Records for processing Block Start

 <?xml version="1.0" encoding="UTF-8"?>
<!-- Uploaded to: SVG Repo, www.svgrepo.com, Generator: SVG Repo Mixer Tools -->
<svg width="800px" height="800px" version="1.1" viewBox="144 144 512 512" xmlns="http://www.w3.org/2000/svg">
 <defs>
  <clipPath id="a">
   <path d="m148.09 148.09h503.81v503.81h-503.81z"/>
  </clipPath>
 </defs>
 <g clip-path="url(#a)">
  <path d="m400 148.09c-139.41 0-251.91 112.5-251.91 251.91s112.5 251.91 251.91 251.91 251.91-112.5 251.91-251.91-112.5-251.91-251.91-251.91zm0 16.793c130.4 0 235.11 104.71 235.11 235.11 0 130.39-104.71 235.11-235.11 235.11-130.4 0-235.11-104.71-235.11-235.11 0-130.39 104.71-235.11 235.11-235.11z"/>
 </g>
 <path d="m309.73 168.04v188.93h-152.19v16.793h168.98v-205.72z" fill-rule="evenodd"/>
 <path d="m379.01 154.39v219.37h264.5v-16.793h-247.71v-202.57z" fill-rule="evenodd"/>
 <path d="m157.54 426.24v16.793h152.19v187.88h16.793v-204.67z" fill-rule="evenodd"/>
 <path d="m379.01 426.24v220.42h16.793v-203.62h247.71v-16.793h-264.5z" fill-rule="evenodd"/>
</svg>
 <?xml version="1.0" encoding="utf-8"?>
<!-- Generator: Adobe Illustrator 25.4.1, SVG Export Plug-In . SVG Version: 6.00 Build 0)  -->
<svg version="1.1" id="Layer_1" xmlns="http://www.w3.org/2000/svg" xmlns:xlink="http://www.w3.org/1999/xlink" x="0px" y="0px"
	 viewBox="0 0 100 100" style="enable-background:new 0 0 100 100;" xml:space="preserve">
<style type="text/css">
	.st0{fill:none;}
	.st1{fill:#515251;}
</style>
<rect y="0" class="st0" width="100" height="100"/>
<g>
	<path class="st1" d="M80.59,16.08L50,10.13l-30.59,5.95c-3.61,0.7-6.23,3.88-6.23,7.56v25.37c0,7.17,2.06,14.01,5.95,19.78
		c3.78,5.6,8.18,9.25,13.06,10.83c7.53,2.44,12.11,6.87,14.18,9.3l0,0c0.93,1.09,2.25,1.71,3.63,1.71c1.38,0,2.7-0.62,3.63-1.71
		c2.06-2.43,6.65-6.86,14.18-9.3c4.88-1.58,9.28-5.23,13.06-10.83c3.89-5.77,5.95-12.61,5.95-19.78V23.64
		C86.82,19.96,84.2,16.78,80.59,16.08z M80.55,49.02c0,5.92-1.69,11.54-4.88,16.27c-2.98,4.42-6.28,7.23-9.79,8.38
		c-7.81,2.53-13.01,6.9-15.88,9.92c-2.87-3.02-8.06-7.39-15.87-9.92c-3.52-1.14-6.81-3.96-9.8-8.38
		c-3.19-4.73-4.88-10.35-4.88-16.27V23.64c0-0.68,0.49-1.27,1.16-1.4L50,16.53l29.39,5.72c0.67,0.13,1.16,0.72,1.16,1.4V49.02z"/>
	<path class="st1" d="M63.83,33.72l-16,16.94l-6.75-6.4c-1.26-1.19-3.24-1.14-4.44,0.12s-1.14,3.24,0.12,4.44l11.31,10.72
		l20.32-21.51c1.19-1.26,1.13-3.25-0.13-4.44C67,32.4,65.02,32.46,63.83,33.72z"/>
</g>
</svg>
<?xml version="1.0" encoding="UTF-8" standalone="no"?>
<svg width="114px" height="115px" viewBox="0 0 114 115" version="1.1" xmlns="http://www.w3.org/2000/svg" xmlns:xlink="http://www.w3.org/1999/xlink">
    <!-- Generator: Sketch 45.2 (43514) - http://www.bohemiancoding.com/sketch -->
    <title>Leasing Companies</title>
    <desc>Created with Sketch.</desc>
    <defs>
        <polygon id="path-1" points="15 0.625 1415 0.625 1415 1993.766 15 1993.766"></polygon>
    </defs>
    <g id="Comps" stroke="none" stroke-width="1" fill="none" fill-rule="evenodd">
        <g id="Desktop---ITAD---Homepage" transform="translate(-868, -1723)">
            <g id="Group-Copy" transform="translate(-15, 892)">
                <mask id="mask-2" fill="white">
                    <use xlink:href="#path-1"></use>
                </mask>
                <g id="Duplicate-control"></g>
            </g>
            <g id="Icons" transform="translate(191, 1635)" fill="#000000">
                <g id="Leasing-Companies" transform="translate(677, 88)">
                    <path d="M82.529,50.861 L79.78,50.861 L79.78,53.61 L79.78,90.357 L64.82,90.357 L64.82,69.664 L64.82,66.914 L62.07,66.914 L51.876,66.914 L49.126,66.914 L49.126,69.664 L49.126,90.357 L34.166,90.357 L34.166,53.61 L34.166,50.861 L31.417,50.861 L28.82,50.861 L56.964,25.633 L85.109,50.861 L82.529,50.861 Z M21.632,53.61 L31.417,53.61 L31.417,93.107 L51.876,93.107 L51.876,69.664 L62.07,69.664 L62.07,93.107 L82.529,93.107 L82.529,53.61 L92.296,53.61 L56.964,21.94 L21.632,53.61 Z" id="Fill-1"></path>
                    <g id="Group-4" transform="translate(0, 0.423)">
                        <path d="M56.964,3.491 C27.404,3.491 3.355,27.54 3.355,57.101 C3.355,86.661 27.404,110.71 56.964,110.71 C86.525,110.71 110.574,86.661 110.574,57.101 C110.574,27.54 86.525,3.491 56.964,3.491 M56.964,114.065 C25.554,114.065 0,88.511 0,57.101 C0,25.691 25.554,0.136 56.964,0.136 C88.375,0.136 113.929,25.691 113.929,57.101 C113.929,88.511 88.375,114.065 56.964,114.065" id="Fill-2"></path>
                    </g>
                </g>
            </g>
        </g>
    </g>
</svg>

Records for processing Block End

Reproduce the entries above exactly, every line included.

 <?xml version="1.0" encoding="UTF-8"?>
<!-- Uploaded to: SVG Repo, www.svgrepo.com, Generator: SVG Repo Mixer Tools -->
<svg width="800px" height="800px" version="1.1" viewBox="144 144 512 512" xmlns="http://www.w3.org/2000/svg">
 <defs>
  <clipPath id="a">
   <path d="m148.09 148.09h503.81v503.81h-503.81z"/>
  </clipPath>
 </defs>
 <g clip-path="url(#a)">
  <path d="m400 148.09c-139.41 0-251.91 112.5-251.91 251.91s112.5 251.91 251.91 251.91 251.91-112.5 251.91-251.91-112.5-251.91-251.91-251.91zm0 16.793c130.4 0 235.11 104.71 235.11 235.11 0 130.39-104.71 235.11-235.11 235.11-130.4 0-235.11-104.71-235.11-235.11 0-130.39 104.71-235.11 235.11-235.11z"/>
 </g>
 <path d="m309.73 168.04v188.93h-152.19v16.793h168.98v-205.72z" fill-rule="evenodd"/>
 <path d="m379.01 154.39v219.37h264.5v-16.793h-247.71v-202.57z" fill-rule="evenodd"/>
 <path d="m157.54 426.24v16.793h152.19v187.88h16.793v-204.67z" fill-rule="evenodd"/>
 <path d="m379.01 426.24v220.42h16.793v-203.62h247.71v-16.793h-264.5z" fill-rule="evenodd"/>
</svg>
 <?xml version="1.0" encoding="utf-8"?>
<!-- Generator: Adobe Illustrator 25.4.1, SVG Export Plug-In . SVG Version: 6.00 Build 0)  -->
<svg version="1.1" id="Layer_1" xmlns="http://www.w3.org/2000/svg" xmlns:xlink="http://www.w3.org/1999/xlink" x="0px" y="0px"
	 viewBox="0 0 100 100" style="enable-background:new 0 0 100 100;" xml:space="preserve">
<style type="text/css">
	.st0{fill:none;}
	.st1{fill:#515251;}
</style>
<rect y="0" class="st0" width="100" height="100"/>
<g>
	<path class="st1" d="M80.59,16.08L50,10.13l-30.59,5.95c-3.61,0.7-6.23,3.88-6.23,7.56v25.37c0,7.17,2.06,14.01,5.95,19.78
		c3.78,5.6,8.18,9.25,13.06,10.83c7.53,2.44,12.11,6.87,14.18,9.3l0,0c0.93,1.09,2.25,1.71,3.63,1.71c1.38,0,2.7-0.62,3.63-1.71
		c2.06-2.43,6.65-6.86,14.18-9.3c4.88-1.58,9.28-5.23,13.06-10.83c3.89-5.77,5.95-12.61,5.95-19.78V23.64
		C86.82,19.96,84.2,16.78,80.59,16.08z M80.55,49.02c0,5.92-1.69,11.54-4.88,16.27c-2.98,4.42-6.28,7.23-9.79,8.38
		c-7.81,2.53-13.01,6.9-15.88,9.92c-2.87-3.02-8.06-7.39-15.87-9.92c-3.52-1.14-6.81-3.96-9.8-8.38
		c-3.19-4.73-4.88-10.35-4.88-16.27V23.64c0-0.68,0.49-1.27,1.16-1.4L50,16.53l29.39,5.72c0.67,0.13,1.16,0.72,1.16,1.4V49.02z"/>
	<path class="st1" d="M63.83,33.72l-16,16.94l-6.75-6.4c-1.26-1.19-3.24-1.14-4.44,0.12s-1.14,3.24,0.12,4.44l11.31,10.72
		l20.32-21.51c1.19-1.26,1.13-3.25-0.13-4.44C67,32.4,65.02,32.46,63.83,33.72z"/>
</g>
</svg>
<?xml version="1.0" encoding="UTF-8" standalone="no"?>
<svg width="114px" height="115px" viewBox="0 0 114 115" version="1.1" xmlns="http://www.w3.org/2000/svg" xmlns:xlink="http://www.w3.org/1999/xlink">
    <!-- Generator: Sketch 45.2 (43514) - http://www.bohemiancoding.com/sketch -->
    <title>Leasing Companies</title>
    <desc>Created with Sketch.</desc>
    <defs>
        <polygon id="path-1" points="15 0.625 1415 0.625 1415 1993.766 15 1993.766"></polygon>
    </defs>
    <g id="Comps" stroke="none" stroke-width="1" fill="none" fill-rule="evenodd">
        <g id="Desktop---ITAD---Homepage" transform="translate(-868, -1723)">
            <g id="Group-Copy" transform="translate(-15, 892)">
                <mask id="mask-2" fill="white">
                    <use xlink:href="#path-1"></use>
                </mask>
                <g id="Duplicate-control"></g>
            </g>
            <g id="Icons" transform="translate(191, 1635)" fill="#000000">
                <g id="Leasing-Companies" transform="translate(677, 88)">
                    <path d="M82.529,50.861 L79.78,50.861 L79.78,53.61 L79.78,90.357 L64.82,90.357 L64.82,69.664 L64.82,66.914 L62.07,66.914 L51.876,66.914 L49.126,66.914 L49.126,69.664 L49.126,90.357 L34.166,90.357 L34.166,53.61 L34.166,50.861 L31.417,50.861 L28.82,50.861 L56.964,25.633 L85.109,50.861 L82.529,50.861 Z M21.632,53.61 L31.417,53.61 L31.417,93.107 L51.876,93.107 L51.876,69.664 L62.07,69.664 L62.07,93.107 L82.529,93.107 L82.529,53.61 L92.296,53.61 L56.964,21.94 L21.632,53.61 Z" id="Fill-1"></path>
                    <g id="Group-4" transform="translate(0, 0.423)">
                        <path d="M56.964,3.491 C27.404,3.491 3.355,27.54 3.355,57.101 C3.355,86.661 27.404,110.71 56.964,110.71 C86.525,110.71 110.574,86.661 110.574,57.101 C110.574,27.54 86.525,3.491 56.964,3.491 M56.964,114.065 C25.554,114.065 0,88.511 0,57.101 C0,25.691 25.554,0.136 56.964,0.136 C88.375,0.136 113.929,25.691 113.929,57.101 C113.929,88.511 88.375,114.065 56.964,114.065" id="Fill-2"></path>
                    </g>
                </g>
            </g>
        </g>
    </g>
</svg>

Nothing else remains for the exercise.